In 1994, lawyer Larry Canter flooded early Internet message boards with an advertising message in what was reportedly the first use of the Internet for mass marketing. One angry recipient supposedly posted a message suggesting that every recipient of the ad send a can of a certain spiced meat product to Canter in protest.
In 2008, people are resigned to receiving a ton of unwanted email. However, there are ways to get rid of spam… for the most part. Here’s how….
- Don’t just give away your email address to everyone! Please don’t sign up for the email foreclosure listing with your real email address. No, No, NO. Use a spam email address. Just go to gmail or yahoo and sign up. Don’t know how? Better buy the bundle to learn it all now. (selfless bundle plug). Anyway, just use that email address to sign up with unknown online vendors, ecards, etc. Or get yourself a new email address and start with a nice spam-free fresh slate.
- Use the Antispam feature on your email service to flag things as spam and help us all. You flag it as spam on email, I flag it as spam, Jim in Canada flags it as spam… pretty soon the tool learns that it’s spam and Julie in Seattle doesn’t ever get the spam. Make sense? You can also just flag it on your own email software (like Outlook or Thunderbird) Outlook has a “junk mail” feature that is ok, but we like Thunderbird better. It has a great “learn” tool that pretty much eliminates spam after you teach it for awhile. Download it and then check out the spam tool how to here or here. (or buy our bundleJ ).
- Unplug your computer, move to Hawaii, and eat lots of spam (they really like spam over there). That will solve your spam problem but might create some other ones.P.S. Todd likes spiced ham luncheon meat … and old radio jingles promoting it:
http://www.spam.com/assets/it/au/jingle.au
Last Links
- Gmail email sign up page here. We like gmail, nice as a secondary spam email for all those shady signups too.
- PC Magazine AntiSpam section (lots of good software but it may be harder to use than the steps above.
- Thunderbird- It’s free, fast as a bird, with a thunderous personality… actually not really, but we do like it!

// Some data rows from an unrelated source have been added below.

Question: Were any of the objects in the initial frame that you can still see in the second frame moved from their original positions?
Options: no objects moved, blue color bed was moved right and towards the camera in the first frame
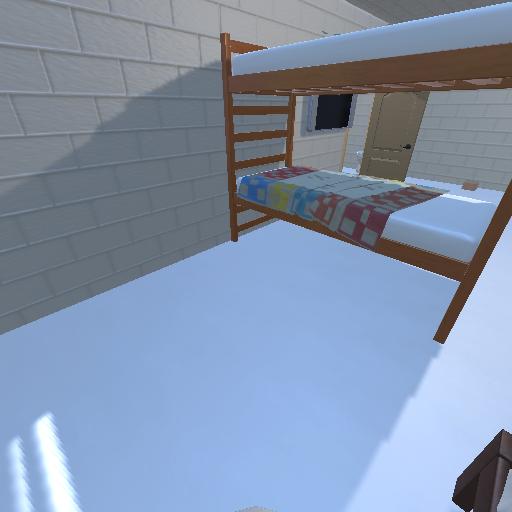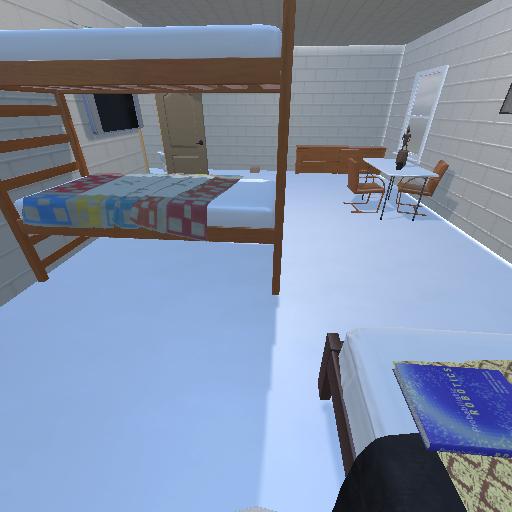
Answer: no objects moved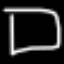
Label: square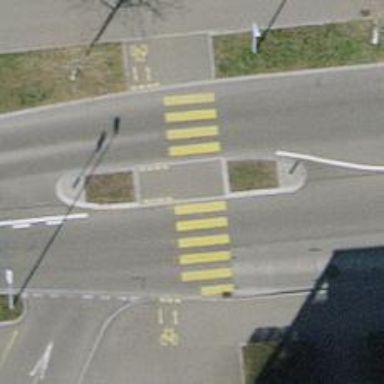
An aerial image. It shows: Uncontrolled crossing with pedestrian island.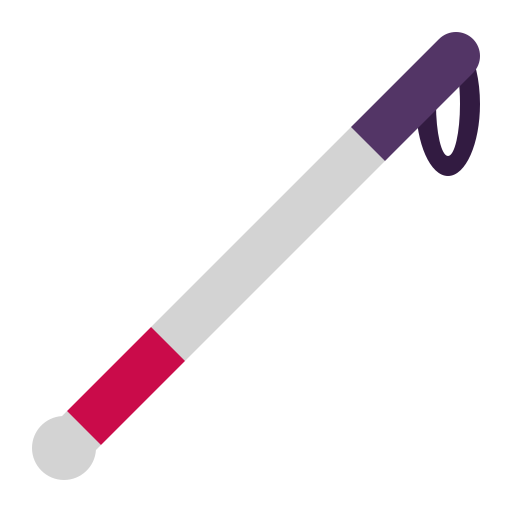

- Best Sushi in Hawaii (for when you get tired of the spam) Kintaro, in Kapaa, Kauai. Or the Kilauea Fish Market if you’re up in Kilauea… oh yummy.





14. November 2008 at 9:55 pm
Need more help on spam control or information on good recipes? Go ahead and email us… with your new spam email account if you want! Email us at questions@nplb.net (never put your email online a reply post like this, sure way to get more spam… instead do “questions :at: nplb.net” That would be much, much, better… harder for computers to read that way.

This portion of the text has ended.